In general, based on the transfer matrices calculated from the simulated results for the Ili-Balkhash Basin in 2025 and 2030, it can be observed that the transformations mainly occur between grasslands, barren areas, croplands, and urban and built-up lands, while the transformation areas of other land types remain relatively small. During the prediction process, there were no restrictions imposed on the reciprocal conversions between barren areas and most other land types. However, in both predicted years, there is an ongoing expansion observed in the extent of barren areas, indicating that under a natural scenario, the area of barren areas will persistently increase.
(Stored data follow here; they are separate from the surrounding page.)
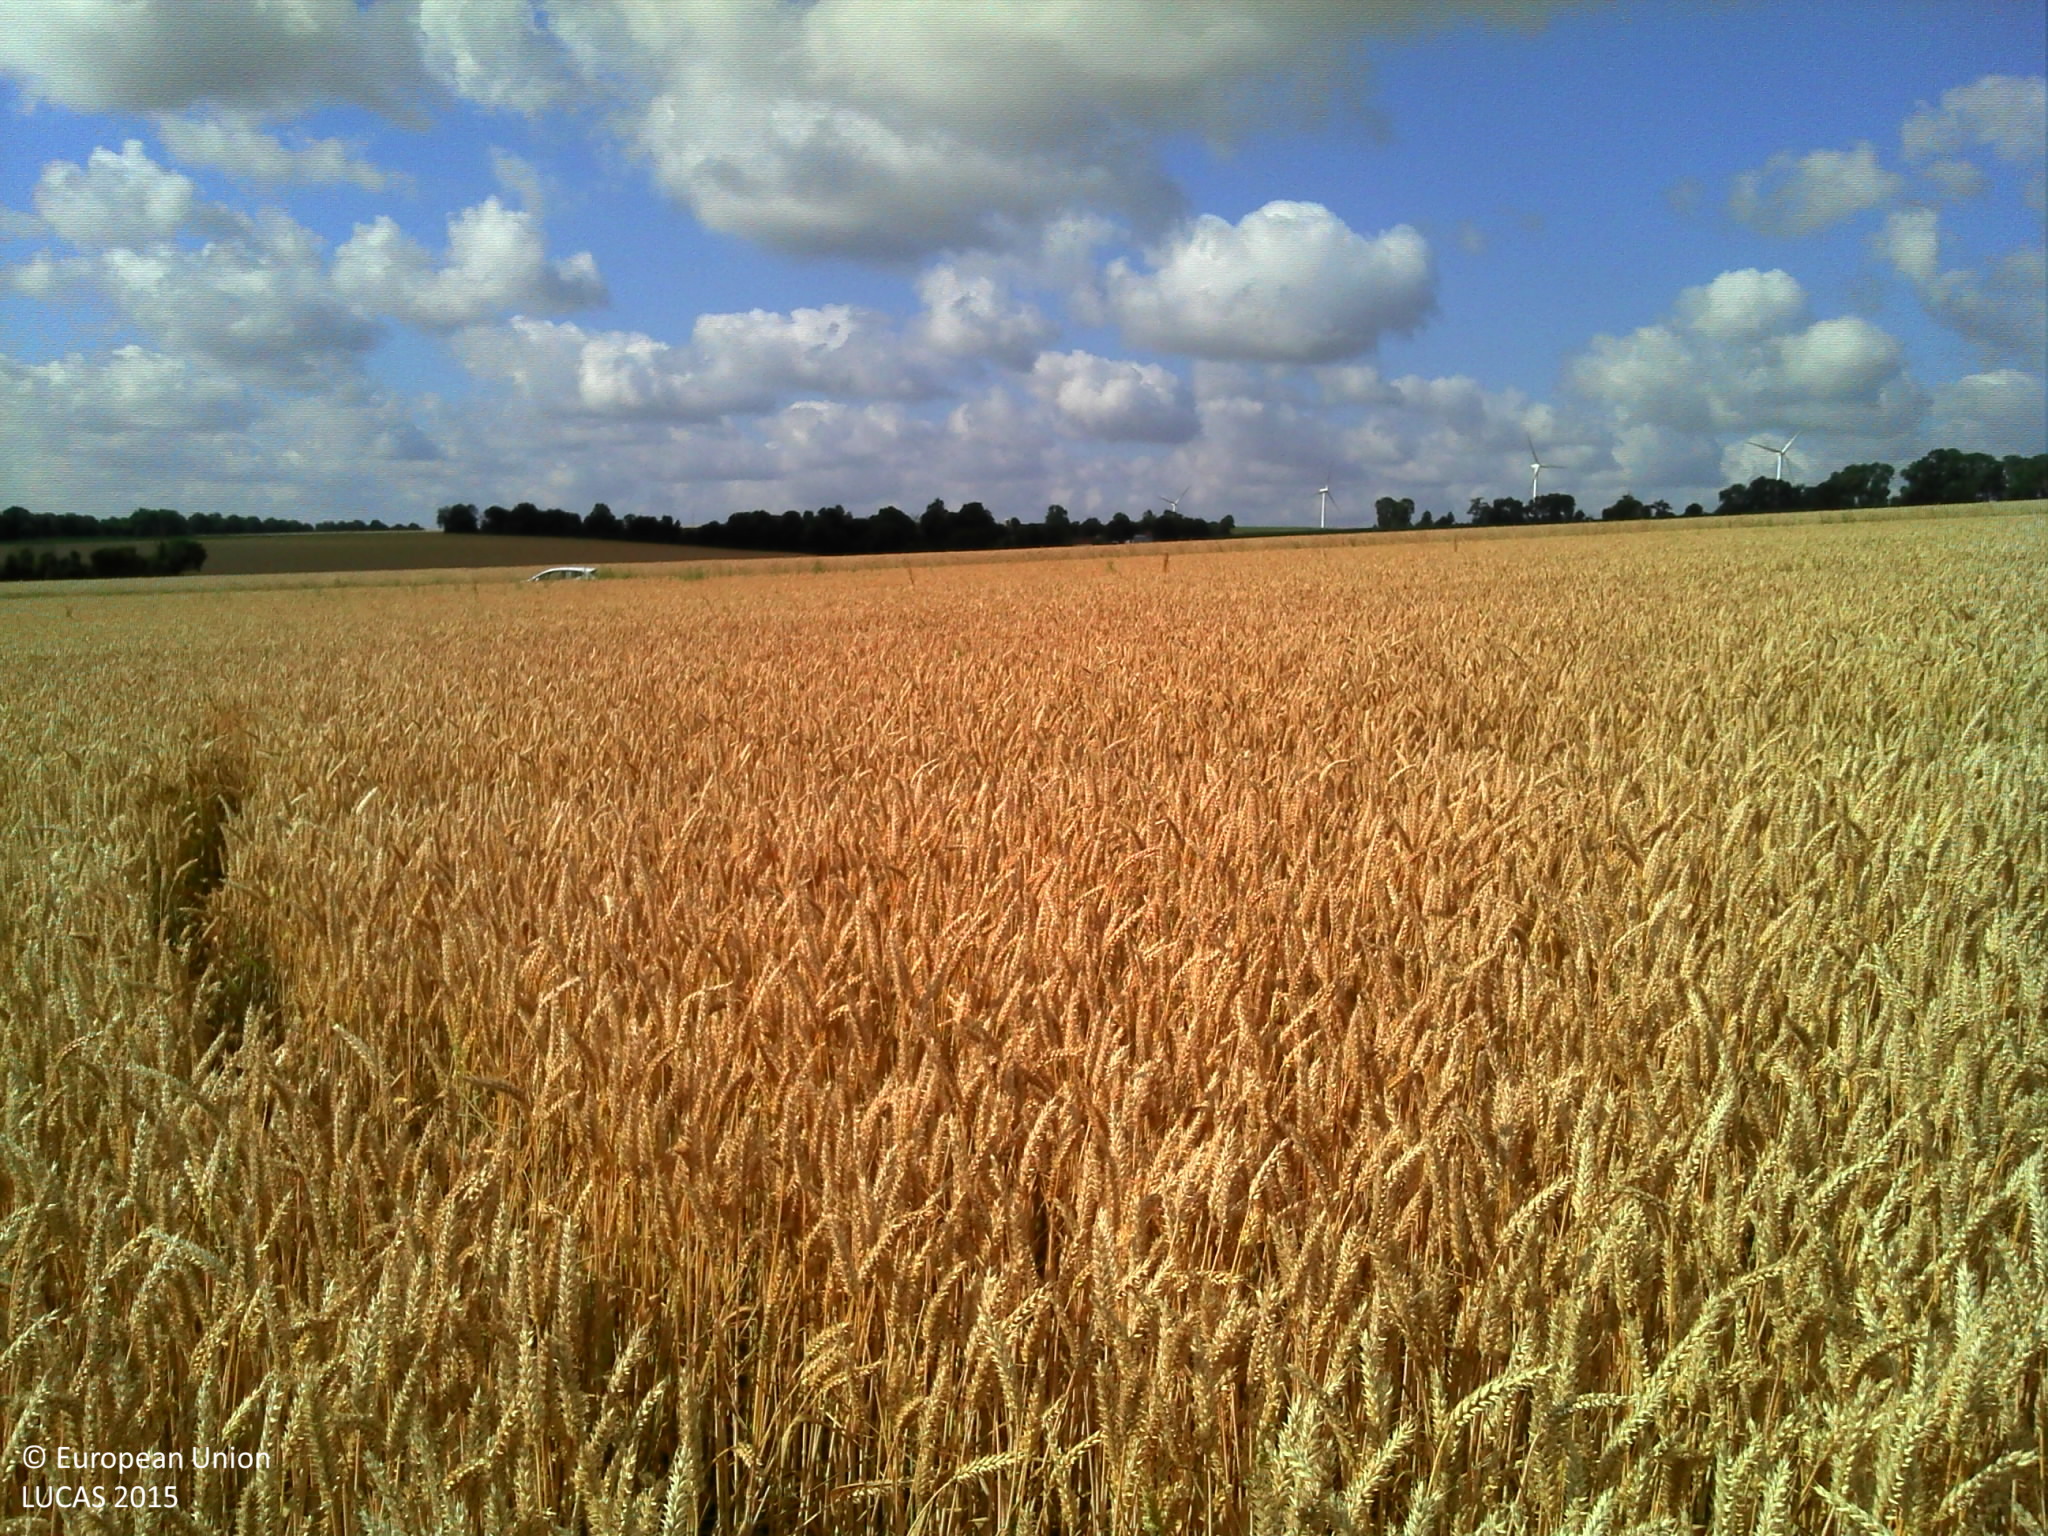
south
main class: Cropland
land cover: Common wheat
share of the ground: > 75 %
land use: Agriculture (excluding fallow land and kitchen gardens)
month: July
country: FR
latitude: 48.9481
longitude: -0.1778
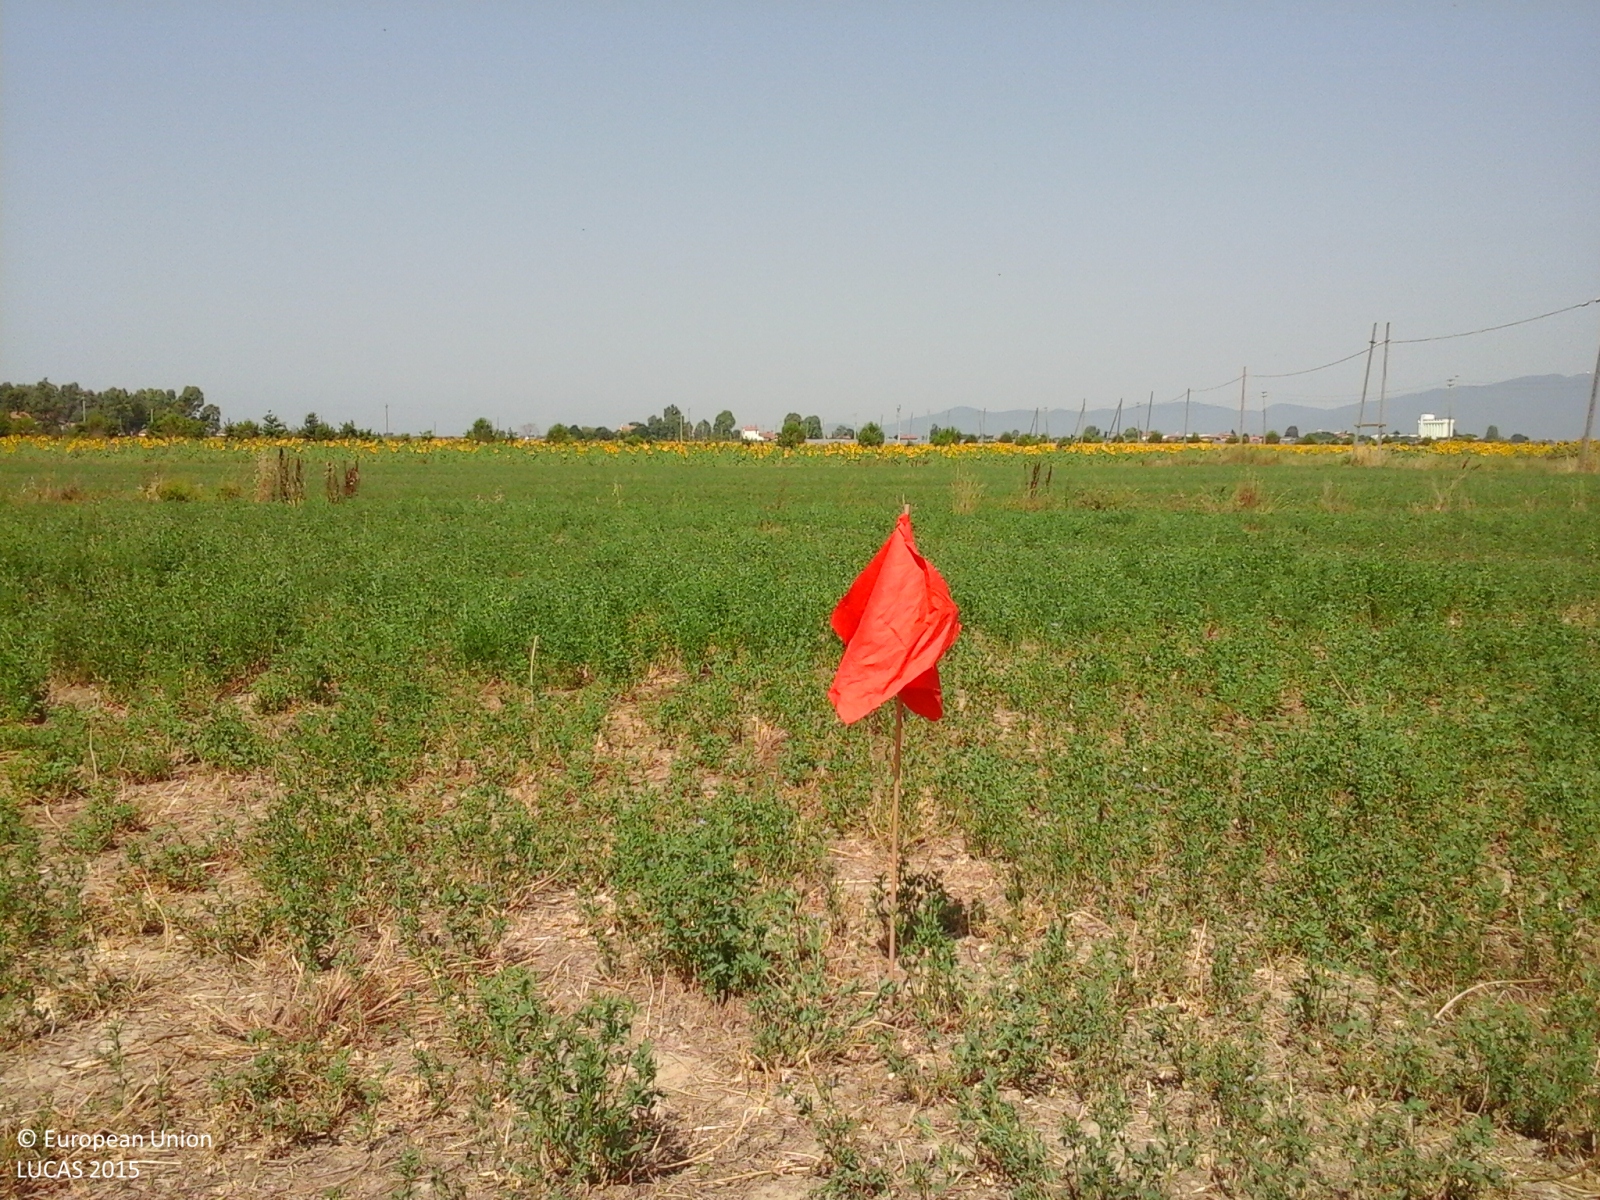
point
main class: Cropland
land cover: Lucerne
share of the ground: > 75 %
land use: Agriculture (excluding fallow land and kitchen gardens)
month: July
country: IT
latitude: 42.7571
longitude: 11.0352
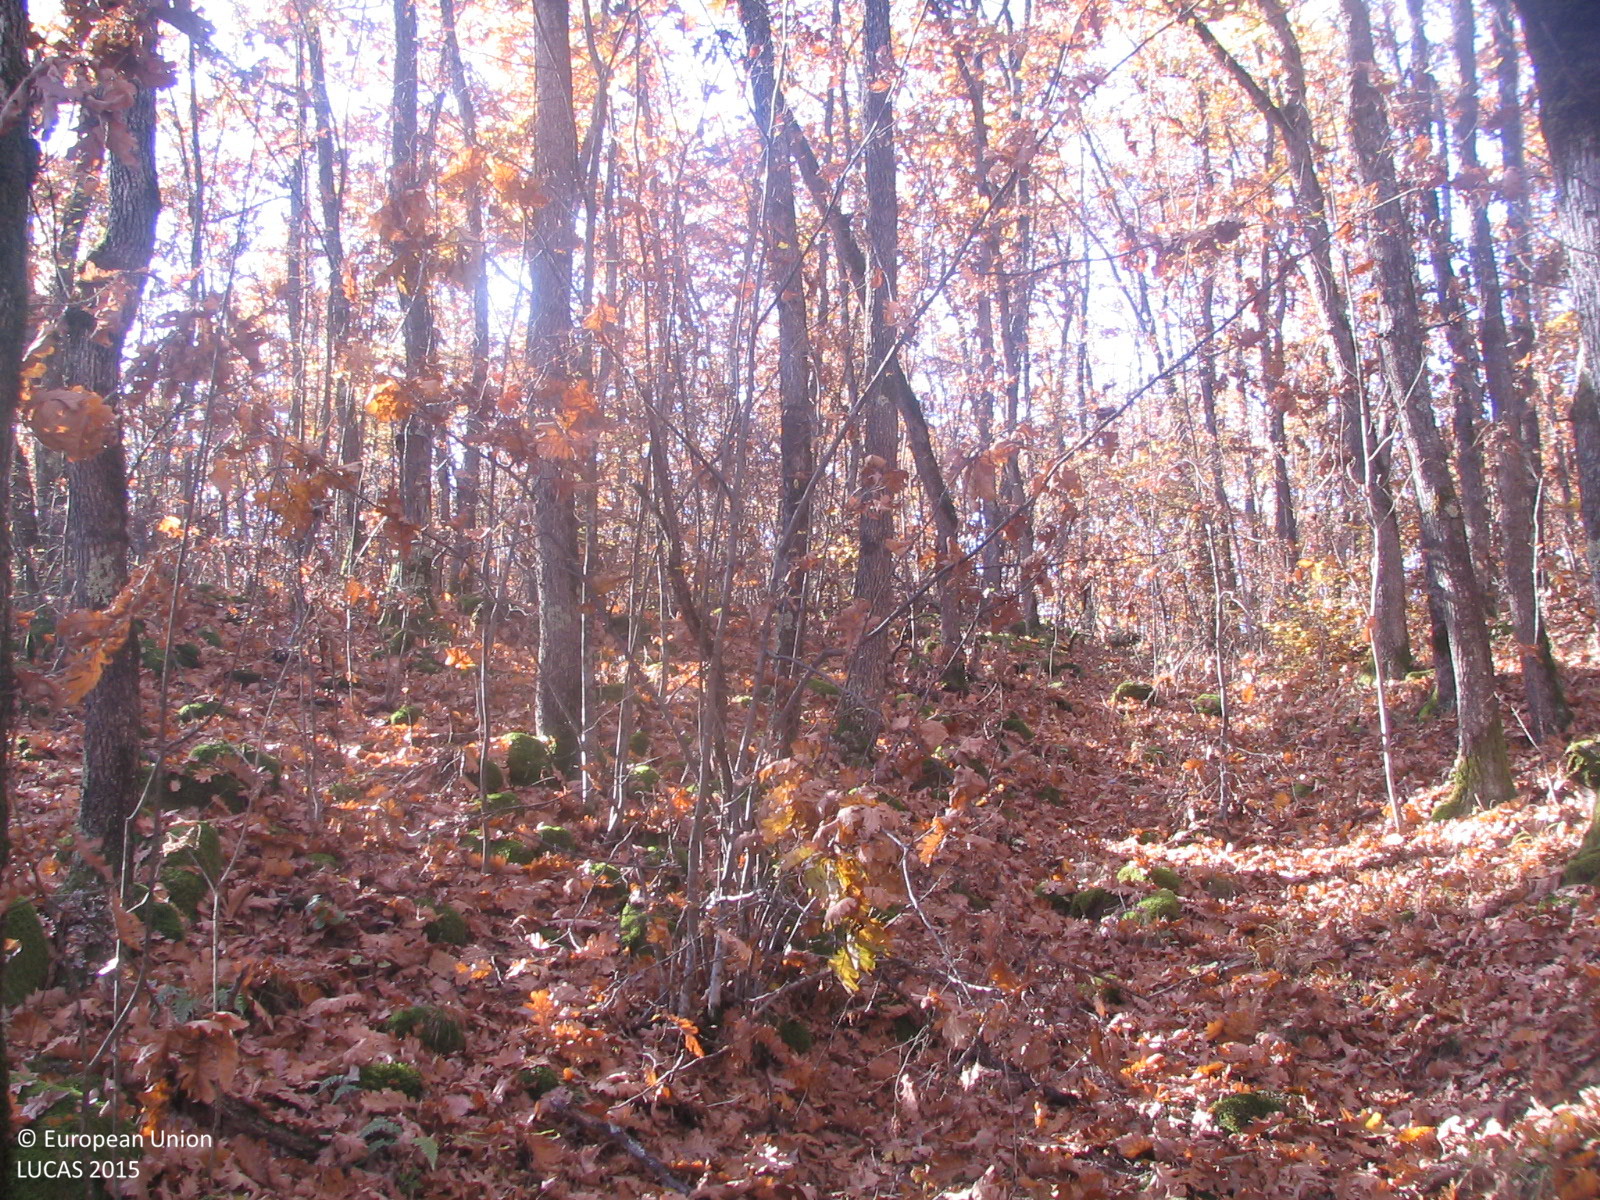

Simultaneously, there is almost no conversion from other land types to grasslands. The area of grasslands significantly decreases in both predicted years compared to other land types, with only a minimal amount of water bodies converting to grasslands. Under the natural scenario without any external forces, there is significant growth in urban and built-up lands. In the simulation results for both time periods, croplands are primarily derived from a substantial conversion of grasslands. The increase in urban and built-up lands over the next ten years mainly originates from the conversion of grasslands, while over the next decade, it predominantly shows an expansion based on croplands. From a five year perspective, the growth of croplands and urban and built-up lands will be more pronounced. However, in the next ten year timeframe, the expansion and changes in urban and built-up lands will be more significant.